La designación de Juan José Ganuza por parte del Gobierno para presidir la CNMC abre una incógnita sobre el rumbo que seguirá la política de competencia en los próximos seis años. En el ámbito académico nadie duda de su solvencia: es una referencia en economía de la competencia en España, como ha demostrado al frente de la división de regulación y competencia de Funcas. Lo conozco desde su etapa en Fedea y siempre me ha parecido una persona sensata. El problema no reside tanto en su perfil como en la decisión del Ejecutivo de dejar fuera del organismo al PP y a Vox.
La decisión del Gobierno de coalición progresista de no consensuar el nombramiento ni los órganos de control convierte a la CNMC en otra institución bajo la influencia del Ejecutivo, como ya ha ocurrido con el Banco de España y la Comisión Nacional del Mercado de Valores. Resulta aún más llamativo que este nombramiento se produzca a pocos meses de unas elecciones generales que podrían dar paso a un gobierno de centro-derecha .
Nombramiento
Lo deseable por el bien de la CNMC y de la economía de mercado habría sido alcanzar un consenso entre las principales fuerzas parlamentarias
Junto a Ganuza se propone el nombramiento de Carmen Balsa, cercana al PSOE; de Joan Capdevilla, por ERC; y de María Echevarría, por Sumar. PP y Vox quedan así sin representación en el órgano encargado de velar por la competencia en España durante los próximos seis años. Es cierto que en el 2028 caduca un puesto actualmente en manos del PSOE y que en el 2031 expira el mandato de cinco consejeros, dos de ellos próximos al PNV y uno a Junts. Hasta entonces, un organismo que debería ser independiente quedará inclinado hacia planteamientos de izquierda. Lo deseable por el bien de la institución y del buen funcionamiento de la economía de mercado habría sido alcanzar un consenso entre las principales fuerzas parlamentarias, como venía ocurriendo hasta que Pedro Sánchez llegó a la Moncloa. El presidente, en su discurso de investidura, en vez de comprometerse a gobernar para todos optó por levantar un muro frente al PP, pese a que este ganó las elecciones del 2023. La lógica de “todos dentro” salvo el centro-derecha, que representa a casi la mitad del electorado, es otra consecuencia del clima de crispación.
La propuesta del nuevo presidente de la CNMC, impulsada por el vicepresidente primero, Carlos Cuerpo, deberá ser examinada y votada por la comisión de Economía y Transformación Digital del Congreso de los Diputados. Previsiblemente será rechazada por el PP y Vox, aunque eso no impedirá que el Consejo de Ministros la apruebe. De este modo, una institución clave para fomentar empresas más eficientes, innovadoras y productivas queda marcada por la sospecha de politización. Para evitarlo, expertos próximos al PP sostienen que Juanjo Ganuza debería comprometerse a poner su cargo a disposición del Gobierno que salga de las urnas a cambio de que el centro-derecha se abstenga en el Congreso.
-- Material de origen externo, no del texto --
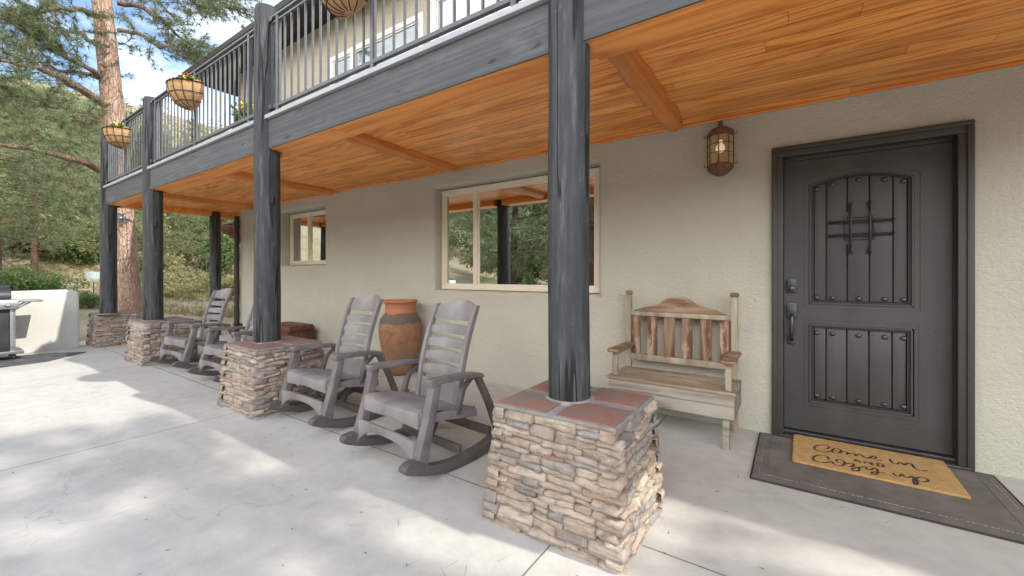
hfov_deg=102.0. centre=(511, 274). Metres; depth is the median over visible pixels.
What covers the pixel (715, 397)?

No es una cuestión menor: la izquierda y la derecha entienden la competencia de forma muy distinta. Pedro Sánchez defiende la creación de campeones nacionales, una estrategia que implica un elevado grado de intervencionismo. Para Alberto Núñez Feijóo, en cambio, estas decisiones atentan contra la competencia y contra el libre mercado. Juanjo Ganuza aspira a una CNMC plenamente independiente del Gobierno de turno y de los partidos políticos, como sucede con el Tribunal Supremo. Sin embargo, en la situación actual, también en esto España parece diferente.